This fatalistic atttitude toward redemption has its comforts. After all, if God saves me, I am saved, and there is nothing I can do to invalidate my redemption. Conversely, if I am lost, I can do nothing about it, so there is no use in concerning myself with spiritual matters. The problem is that Calvinistic doctrine does not jibe with the tenets of scripture.
- Total Depravity. The Calvinist teaches that the little child is born into the world totally depraved. This contradicts the statement of our Lord regarding the little children, when He said "Let the little children come to Me, and do not forbid them; for of such is the kingdom of heaven" (Matthew 19:14). Now, unless the Calvinist is willing to concede that the Kingdom of Heaven is made up of those totally depraved, he must admit to the purity of the little children, and the invalid nature of that tenet.
- Unconditional Salvation.
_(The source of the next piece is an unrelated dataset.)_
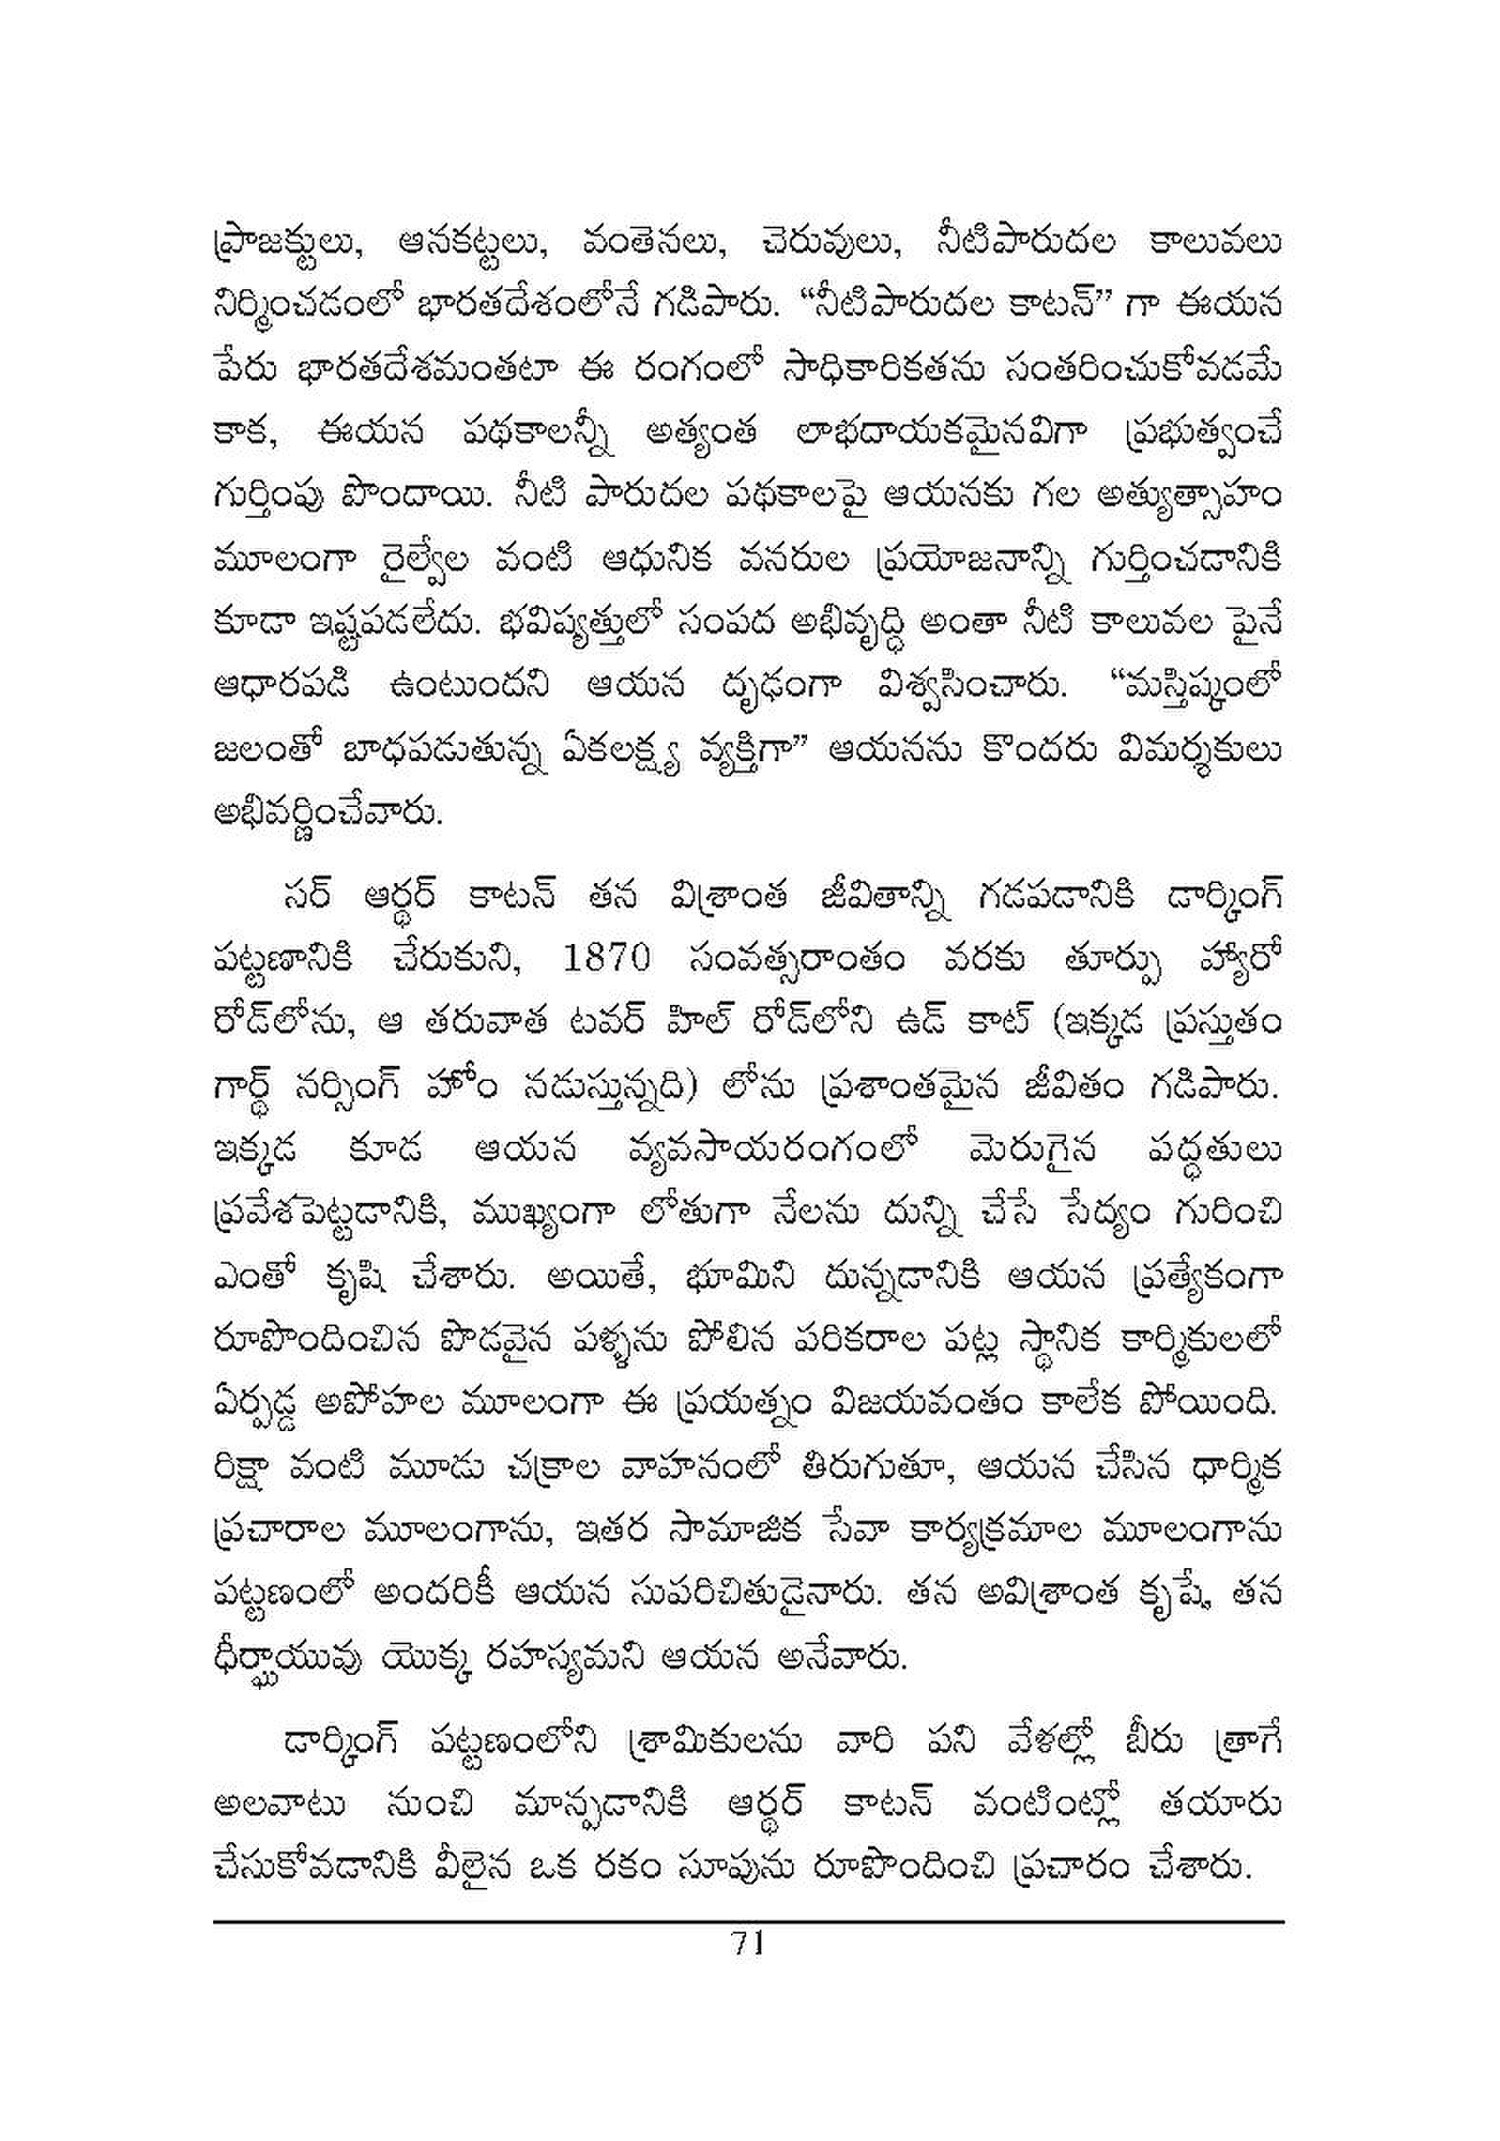ప్రాజక్టులు, ఆనకట్టలు, వంతెనలు, చెరువులు, నీటిపారుదల కాలువలు నిర్మించడంలో భారతదేశంలోనే గడిపారు. “నీటిపారుదల కాటన్” గా ఈయన పేరు భారతదేశమంతటా ఈ రంగంలో సాధికారికతను సంతరించుకోవడమే కాక, ఈయన పథకాలన్నీ అత్యంత లాభదాయకమైనవిగా ప్రభుత్వంచే గుర్తింపు పొందాయి. నీటి పారుదల పథకాలపై ఆయనకు గల అత్యుత్సాహం మూలంగా రైల్వేల వంటి ఆధునిక వనరుల ప్రయోజనాన్ని గుర్తించడానికి కూడా ఇష్టపడలేదు. భవిష్యత్తులో సంపద అభివృద్ధి అంతా నీటి కాలువల పైనే ఆధారపడి ఉంటుందని ఆయన దృఢంగా విశ్వసించారు. "మస్తిష్కంలో జలంతో బాధపడుతున్న ఏకలక్ష్య వ్యక్తిగా" ఆయనను కొందరు విమర్శకులు అభివర్ణించేవారు.

సర్ ఆర్థర్ కాటన్ తన విశ్రాంత జీవితాన్ని గడపడానికి డార్కింగ్ పట్టణానికి చేరుకుని, 1870 సంవత్సరాంతం వరకు తూర్పు హ్యారో రోడ్లోను, ఆ తరువాత టవర్ హిల్ రోడ్లోని ఉడ్ కాట్ (ఇక్కడ ప్రస్తుతం గార్డ్ నర్సింగ్ హోం నడుస్తున్నది) లోను ప్రశాంతమైన జీవితం గడిపారు. ఇక్కడ కూడ ఆయన వ్యవసాయరంగంలో మెరుగైన పద్ధతులు ప్రవేశపెట్టడానికి, ముఖ్యంగా లోతుగా నేలను దున్ని చేసే సేద్యం గురించి ఎంతో కృషి చేశారు. అయితే, భూమిని దున్నడానికి ఆయన ప్రత్యేకంగా రూపొందించిన పొడవైన పళ్ళను పోలిన పరికరాల పట్ల స్థానిక కార్మికులలో ఏర్పడ్డ అపోహల మూలంగా ఈ ప్రయత్నం విజయవంతం కాలేక పోయింది. రిక్షా వంటి మూడు చక్రాల వాహనంలో తిరుగుతూ, ఆయన చేసిన ధార్మిక ప్రచారాల మూలంగాను, ఇతర సామాజిక సేవా కార్యక్రమాల మూలంగాను పట్టణంలో అందరికీ ఆయన సుపరిచితుడైనారు. తన అవిశ్రాంత కృషే. తన ధీర్గాయువు యొక్క రహస్యమని ఆయన అనేవారు.

డార్కింగ్ పట్టణంలోని శ్రామికులను వారి పని వేళల్లో బీరు త్రాగే అలవాటు నుంచి మాన్పడానికి ఆర్థర్ కాటన్ వంటింట్లో తయారు చేసుకోవడానికి వీలైన ఒక రకం సూపును రూపొందించి ప్రచారం చేశారు.

One has only to read Mark 16:16 to see clearly that our salvation is conditioned upon faith and baptism. "He who believes and is baptized will be saved; but he who does not believe will be condemned." The fact that Jesus demanded action on this occasion reveals clearly that there are conditions ascribed to a person's redemption.
- Limited Atonement. This tenet of Calvinism is rather silly. It is necessitated by the belief that salvation is unconditional, and the reality that some will be lost. So, the logic is that Jesus only came and died for those predestined to salvation. His blood was shed only for a precious few. However, that plainly denies what Jesus said of Himself in John 3:16, "For God so loved the world that he gave His only begotten Son, that whoever believes in Him should not perish but have everlasting life." Clearly the redemptive blood is available not to only a few, but to whoever believes in Him.
- Irresistable Grace. According to the Calvinist, if God chooses to redeem you, you can not resist his advances. Again, this is not born out in scripture. In fact, Stephen accused the Jews of doing exactly what the Calvinist says can not be done, "You stiff-necked and uncircumcised in heart and ears! You always resist the Holy Sirit; as your fathers did, so do you" (Acts 7:51).
- Perseverance of the Saints. Finally, the idea is promoted that if salvation is soley the work of God, then once you are saved, you can not so sin as to be eternally lost. The logic parallels the rest of Calvinistic theology, but again is not born out in scripture. The Bible is replete with warnings of the possibility of Christians losing their souls (cf. Hebrews 6:4-6; 2 Peter 2:18-22) and with actual names of those who have lost their redemption (Hymenaeus and Philetus come to mind, cf. 2 Timothy 2:16-18). Simon, a former sorcerer, is recorded in Acts 8 to have obeyed the gospel, thus becoming a Christian (vs. 13). When he sinned Peter said unto him, "Your money perish with you, because you thought that the gift of God could be purchased with money!" The question obviously arises, why would Peter threaten Simon with condemnation when Simon was incapable of so sinning as to lose his soul? The answer is that Calvinism has it wrong on this point as well!
This short refutation of Calvinistic theology serves to point out a central aspect of our theme in this month's Watchman Magazine. The Redemption of Man consists of two parts. God has His part, and fulfilled the requirements regarding man's redemption by sending his Son Jesus to die as a vicarious sacrifice for sin. Man too has a part to play in his own redemption. Only those who faithfully execute the commands of God can rejoice in the promise of eternal reward.